In particular, reference is made to the covering report in which management advised councillors that “The principles of councillor conduct are no longer required to be included in the Code of the Conduct as they are contained in the Act.” Yet these very principles appear in clause 5.2 of the adopted Code.  Either the management report or the adopted Code is in error.


Equally seriously, a whole new class of confidential information was introduced by management into clauses 7.1 and 7.3 without any advisory explanation to Council in the covering management report.
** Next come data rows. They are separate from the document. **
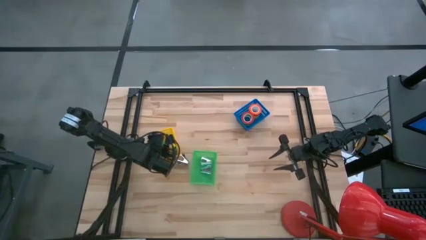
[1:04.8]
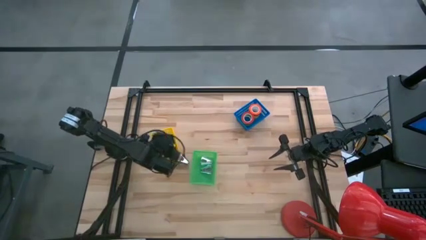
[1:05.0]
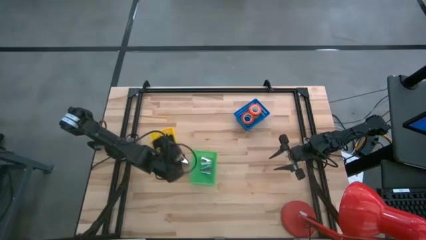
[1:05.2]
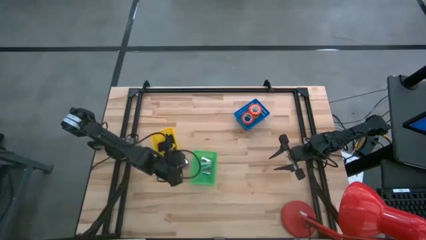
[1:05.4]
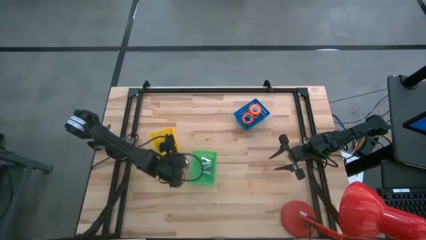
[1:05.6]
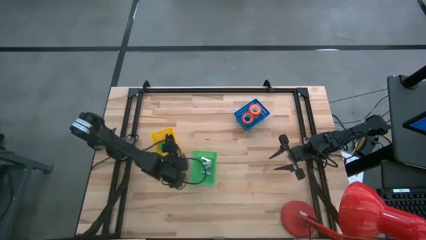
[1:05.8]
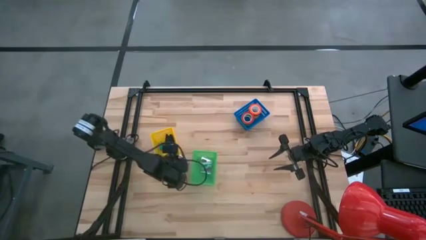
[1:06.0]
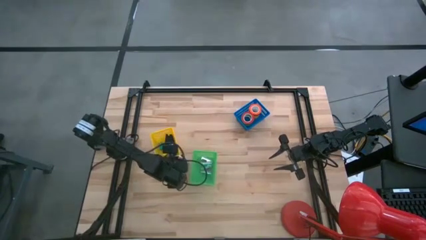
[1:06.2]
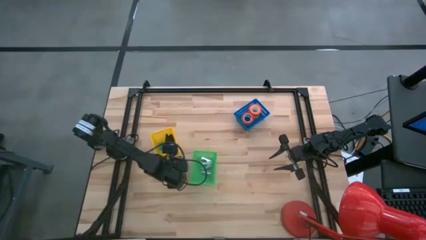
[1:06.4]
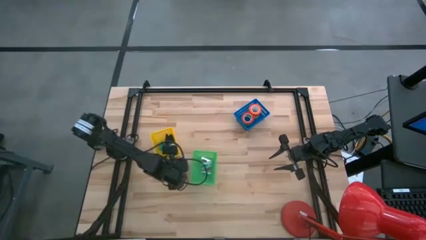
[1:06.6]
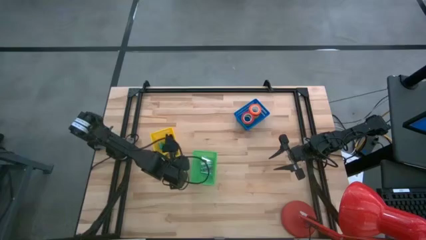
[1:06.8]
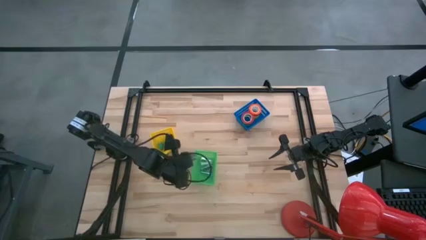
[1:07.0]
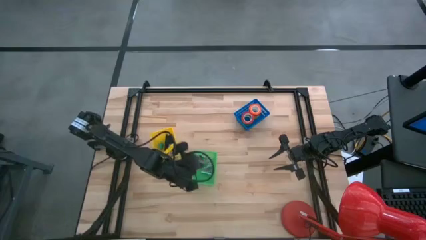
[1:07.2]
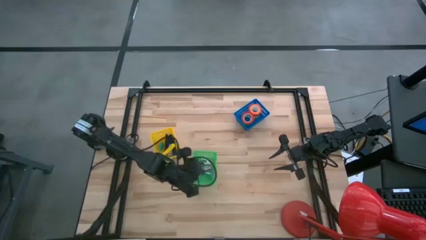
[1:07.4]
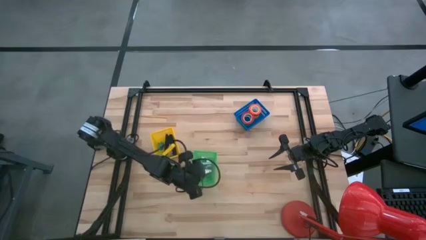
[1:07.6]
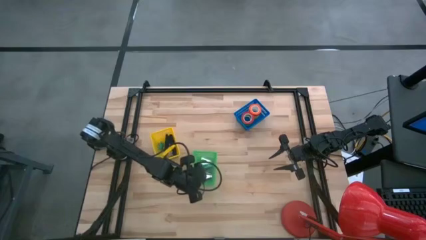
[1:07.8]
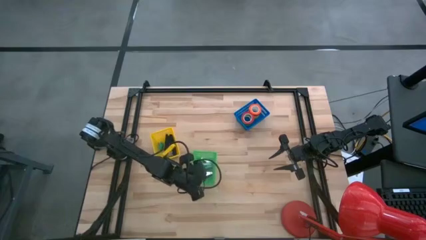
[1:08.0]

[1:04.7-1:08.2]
Task: Pick and place Stapler, Stapler remover, tape
Put the black staple remover into the green bin

These clauses to be contrary to, and inconsistent with, section 77 of the Act.


Further, there has been a careless but material alteration by an officious draftsperson who changed a parliamentary reference in the Act from “representative government” to “representative of government” in clause 3.1 in defiance of 160 years of representative government in Victoria.


There are very serious concerns as to the necessity to “rewrite” almost the entirety of the Code when Parliament only required Council to determine what are “necessary amendments” by reason of the amending Act, the form of the adopting resolution itself, the internal consistency and clarity of the adopted Code, its consistency with the Local Government Act 1989 (as amended), and its consistency with Council’s Local Laws and policies – none of which was the subject of timely advice to Council and timely and reliable advice as to councillors’ legal obligations under the Act.


This ought to have been an inclusive process to achieve an inclusive Code; but it was not. A majority of councillors have resolved on this document and required a minority to “sign off” on a patently defective document on prima facie pain of disqualification from office.


It is a fundamental contractual and statutory obligation of management to Council under section 94 A (1) (d) and (da) and provide advice and timely and reliable advice to Council as to councillors obligations under the Act as to these matters and its advice, if it is, that the adopted Code is a consistent, coherent, unambiguous, workable and lawful Councillor Code of Conduct before councillors are obliged to “sign off”. And if not, what is required to make it so.